Sunday, 25 November 2012

Matrix metalloproteinases and autism

Peptidases. The enzymes that split apart peptide bonds, have always been of some interest to me. Not only resulting from my continued interest in peptides as being one potential suggestion why a gluten- and/or casein-free diet might affect symptom presentation in some cases of autism but also because of their relationship to the building blocks of functional life, the amino acids, which are really starting to make some waves in autism research.
Just split @ Wikipedia  

With all this in mind, it was perhaps inevitable that I would arrive at a post on a specific class of peptidases, the matrix metalloproteinases (MMPs) and some very preliminary suggestions of potential involvement in cases of autism and beyond. Please note that not all peptidases work on the same types of peptides, just in case you wondered.

It was the paper by Abdallah and colleagues* which spurred me into writing this post, and their suggestion that analysis of amniotic fluid samples indicated that levels of MMP-9 were elevated in cases later diagnosed with an autism spectrum disorder (ASD). The fact that they also mentioned BDNF was a bonus interest.

Perhaps I should back up a little and provide a quick overview of the MMPs. So with my Twitter limit: zinc-dependent, embryonic development, removal of extracellular matrix, immune function and inflammation, synaptic plasticity**, etc. There are a number of very good review articles on the MMPs including this one by Birkedal-Hansen and colleagues*** (open-access).

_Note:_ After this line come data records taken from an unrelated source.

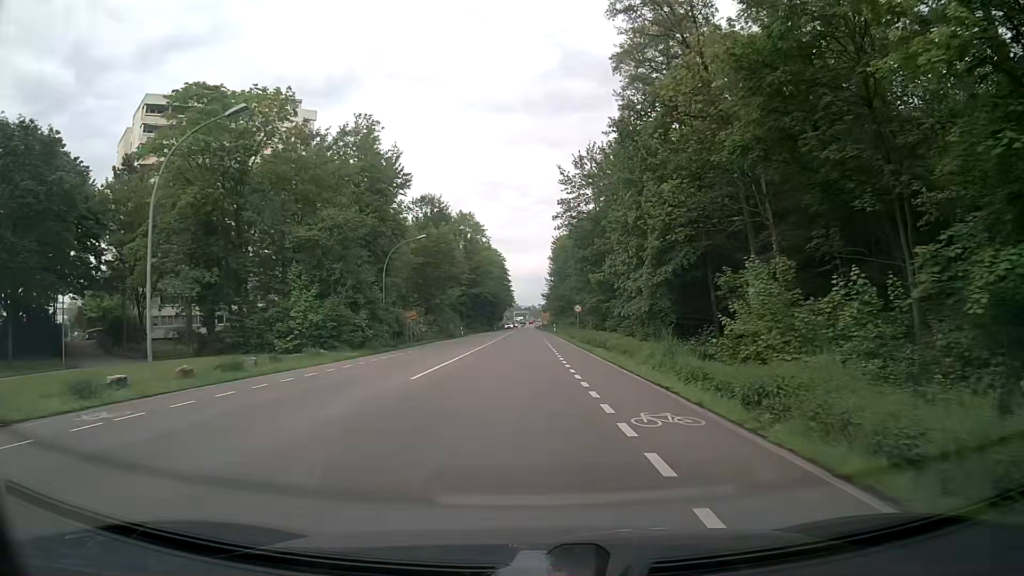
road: tertiary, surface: asphalt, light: Day
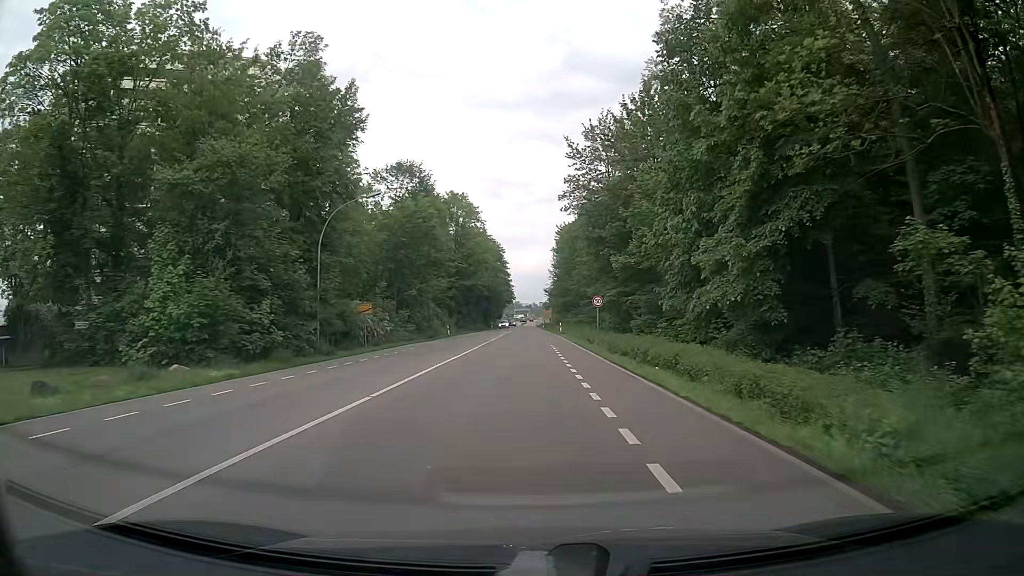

The specific MMP discussed by Abdallah et al, MMP-9, has been the topic of quite a lot of research interest over the years. The degradation of collagen is an obvious starting point for all the MMPs, hence a link with connective tissue disorders such as rheumatoid arthritis**** (open-access). It is however with the brain and various neuropsychiatric conditions in mind, that I find myself drawn to the potential effects of MMP-9.

Domenici and colleagues***** (open-access) for example, reported on the possibility that elevated plasma MMP-9 levels may (alongside other compounds) be a biomarker for depression in their cohort. Indeed the genetics of MMP-9 have been similarly linked to bipolar and related disorders. There remains however the chicken-and-egg situation of which came first, MMP-9 or symptoms, not really answered by studies such as this one by Rybakowski and colleagues****** relying on MMP-9 levels to predict staging of bipolar disorder.

Outside of the Abdallah study, there is not presently a great wealth of research done on the MMPs with autism in mind. Accepting the fact that Abdallah was looking in amniotic fluids samples and therefore not functional levels per se, I did turn up this paper by Siller and Broadie******* (open-access) looking at MMPs in Fragile X syndrome (FXS). Regular readers might remember a few papers discussed on this blog in recent times with FXS as the target condition (see here and here) presenting with autistic features. Siller and Broadie asked whether administration of the antibiotic minocycline might actually serve to inhibit MMP (activity or formation?). The answer: it might as per other work in this area but please note that this is not to be construed as medical advice.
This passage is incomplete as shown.